──────── DATASET CONTENT

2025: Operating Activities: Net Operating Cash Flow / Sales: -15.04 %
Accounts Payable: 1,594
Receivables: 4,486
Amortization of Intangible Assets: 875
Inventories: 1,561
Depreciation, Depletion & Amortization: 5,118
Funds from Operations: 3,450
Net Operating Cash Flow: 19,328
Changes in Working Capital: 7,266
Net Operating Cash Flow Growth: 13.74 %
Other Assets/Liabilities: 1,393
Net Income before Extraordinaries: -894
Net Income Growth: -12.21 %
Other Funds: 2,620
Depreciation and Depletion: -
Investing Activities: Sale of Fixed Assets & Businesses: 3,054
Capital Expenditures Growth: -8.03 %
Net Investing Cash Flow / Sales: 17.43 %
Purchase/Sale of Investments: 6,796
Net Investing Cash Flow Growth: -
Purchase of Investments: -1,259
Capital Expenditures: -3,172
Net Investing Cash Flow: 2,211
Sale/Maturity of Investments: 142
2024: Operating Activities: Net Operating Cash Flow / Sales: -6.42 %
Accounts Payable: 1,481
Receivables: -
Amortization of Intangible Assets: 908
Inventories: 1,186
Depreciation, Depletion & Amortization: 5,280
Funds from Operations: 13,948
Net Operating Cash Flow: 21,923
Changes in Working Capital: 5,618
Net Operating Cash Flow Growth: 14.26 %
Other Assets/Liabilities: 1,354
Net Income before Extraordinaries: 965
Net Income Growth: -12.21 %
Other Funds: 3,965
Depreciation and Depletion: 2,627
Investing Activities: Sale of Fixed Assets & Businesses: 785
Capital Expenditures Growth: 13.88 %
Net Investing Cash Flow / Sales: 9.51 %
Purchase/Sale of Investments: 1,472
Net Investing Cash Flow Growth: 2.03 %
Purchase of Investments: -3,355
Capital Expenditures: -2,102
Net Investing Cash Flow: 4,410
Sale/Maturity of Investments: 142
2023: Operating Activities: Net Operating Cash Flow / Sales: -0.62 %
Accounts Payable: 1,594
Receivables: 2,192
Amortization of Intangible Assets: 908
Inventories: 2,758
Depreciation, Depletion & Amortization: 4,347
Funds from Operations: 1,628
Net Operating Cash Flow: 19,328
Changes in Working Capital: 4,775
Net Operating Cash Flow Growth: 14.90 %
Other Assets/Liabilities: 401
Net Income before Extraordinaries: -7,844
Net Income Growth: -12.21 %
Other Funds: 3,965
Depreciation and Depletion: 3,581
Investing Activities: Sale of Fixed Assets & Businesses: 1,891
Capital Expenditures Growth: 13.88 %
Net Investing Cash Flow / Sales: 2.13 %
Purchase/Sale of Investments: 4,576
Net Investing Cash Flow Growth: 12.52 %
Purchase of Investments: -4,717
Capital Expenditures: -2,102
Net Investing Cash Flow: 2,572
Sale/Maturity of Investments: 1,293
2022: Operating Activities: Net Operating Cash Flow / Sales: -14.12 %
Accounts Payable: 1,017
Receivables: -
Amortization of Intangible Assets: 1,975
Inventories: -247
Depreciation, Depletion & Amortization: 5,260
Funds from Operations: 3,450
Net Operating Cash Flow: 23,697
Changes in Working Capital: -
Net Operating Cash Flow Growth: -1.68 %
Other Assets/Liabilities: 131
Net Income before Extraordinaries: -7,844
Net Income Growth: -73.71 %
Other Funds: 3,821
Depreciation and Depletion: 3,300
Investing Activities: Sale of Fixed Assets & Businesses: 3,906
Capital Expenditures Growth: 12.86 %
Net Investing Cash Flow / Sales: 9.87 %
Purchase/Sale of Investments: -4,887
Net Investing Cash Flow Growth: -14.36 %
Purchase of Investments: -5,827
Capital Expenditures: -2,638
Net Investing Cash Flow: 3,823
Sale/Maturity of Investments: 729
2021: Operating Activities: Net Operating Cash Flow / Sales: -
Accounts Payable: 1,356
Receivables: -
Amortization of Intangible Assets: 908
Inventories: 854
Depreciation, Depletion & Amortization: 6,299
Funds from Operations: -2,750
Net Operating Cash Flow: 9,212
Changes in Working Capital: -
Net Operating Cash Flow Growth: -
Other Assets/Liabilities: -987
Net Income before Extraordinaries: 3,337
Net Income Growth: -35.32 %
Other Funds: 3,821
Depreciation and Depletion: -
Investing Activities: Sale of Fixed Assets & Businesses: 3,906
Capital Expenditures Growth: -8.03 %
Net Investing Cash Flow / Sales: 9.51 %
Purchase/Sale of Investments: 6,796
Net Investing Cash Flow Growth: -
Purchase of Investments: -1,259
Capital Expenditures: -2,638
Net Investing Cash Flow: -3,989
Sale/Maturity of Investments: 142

────────────────
──────── DATASET CONTENT

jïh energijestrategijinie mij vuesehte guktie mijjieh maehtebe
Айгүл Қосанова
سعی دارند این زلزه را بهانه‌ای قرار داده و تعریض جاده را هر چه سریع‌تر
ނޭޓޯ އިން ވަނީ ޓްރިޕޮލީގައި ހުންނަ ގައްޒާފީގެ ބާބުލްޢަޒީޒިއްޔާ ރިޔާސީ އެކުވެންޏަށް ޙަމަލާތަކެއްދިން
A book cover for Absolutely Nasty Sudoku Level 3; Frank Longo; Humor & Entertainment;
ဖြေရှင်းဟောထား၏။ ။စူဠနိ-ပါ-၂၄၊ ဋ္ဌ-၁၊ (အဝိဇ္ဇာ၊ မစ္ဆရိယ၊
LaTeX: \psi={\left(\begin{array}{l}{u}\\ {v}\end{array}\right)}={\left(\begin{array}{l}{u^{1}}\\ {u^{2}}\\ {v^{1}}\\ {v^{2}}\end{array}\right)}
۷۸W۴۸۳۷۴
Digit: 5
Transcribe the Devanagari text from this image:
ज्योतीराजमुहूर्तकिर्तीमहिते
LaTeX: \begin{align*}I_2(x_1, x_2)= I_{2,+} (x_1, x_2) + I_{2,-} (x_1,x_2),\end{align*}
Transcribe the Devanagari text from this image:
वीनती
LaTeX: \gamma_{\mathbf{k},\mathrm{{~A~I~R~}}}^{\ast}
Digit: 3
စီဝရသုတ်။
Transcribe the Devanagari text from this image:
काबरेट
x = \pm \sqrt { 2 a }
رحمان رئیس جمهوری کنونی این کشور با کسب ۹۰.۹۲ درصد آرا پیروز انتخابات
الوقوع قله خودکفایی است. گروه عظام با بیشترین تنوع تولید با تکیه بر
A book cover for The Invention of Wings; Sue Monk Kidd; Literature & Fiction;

────────────────

Could you repeat exactly the lines above from the line with "A book cover for Absolutely" up to and including the line with "A book cover for The", and only those?

A book cover for Absolutely Nasty Sudoku Level 3; Frank Longo; Humor & Entertainment;
ဖြေရှင်းဟောထား၏။ ။စူဠနိ-ပါ-၂၄၊ ဋ္ဌ-၁၊ (အဝိဇ္ဇာ၊ မစ္ဆရိယ၊
LaTeX: \psi={\left(\begin{array}{l}{u}\\ {v}\end{array}\right)}={\left(\begin{array}{l}{u^{1}}\\ {u^{2}}\\ {v^{1}}\\ {v^{2}}\end{array}\right)}
۷۸W۴۸۳۷۴
Digit: 5
Transcribe the Devanagari text from this image:
ज्योतीराजमुहूर्तकिर्तीमहिते
LaTeX: \begin{align*}I_2(x_1, x_2)= I_{2,+} (x_1, x_2) + I_{2,-} (x_1,x_2),\end{align*}
Transcribe the Devanagari text from this image:
वीनती
LaTeX: \gamma_{\mathbf{k},\mathrm{{~A~I~R~}}}^{\ast}
Digit: 3
စီဝရသုတ်။
Transcribe the Devanagari text from this image:
काबरेट
x = \pm \sqrt { 2 a }
رحمان رئیس جمهوری کنونی این کشور با کسب ۹۰.۹۲ درصد آرا پیروز انتخابات
الوقوع قله خودکفایی است. گروه عظام با بیشترین تنوع تولید با تکیه بر
A book cover for The Invention of Wings; Sue Monk Kidd; Literature & Fiction;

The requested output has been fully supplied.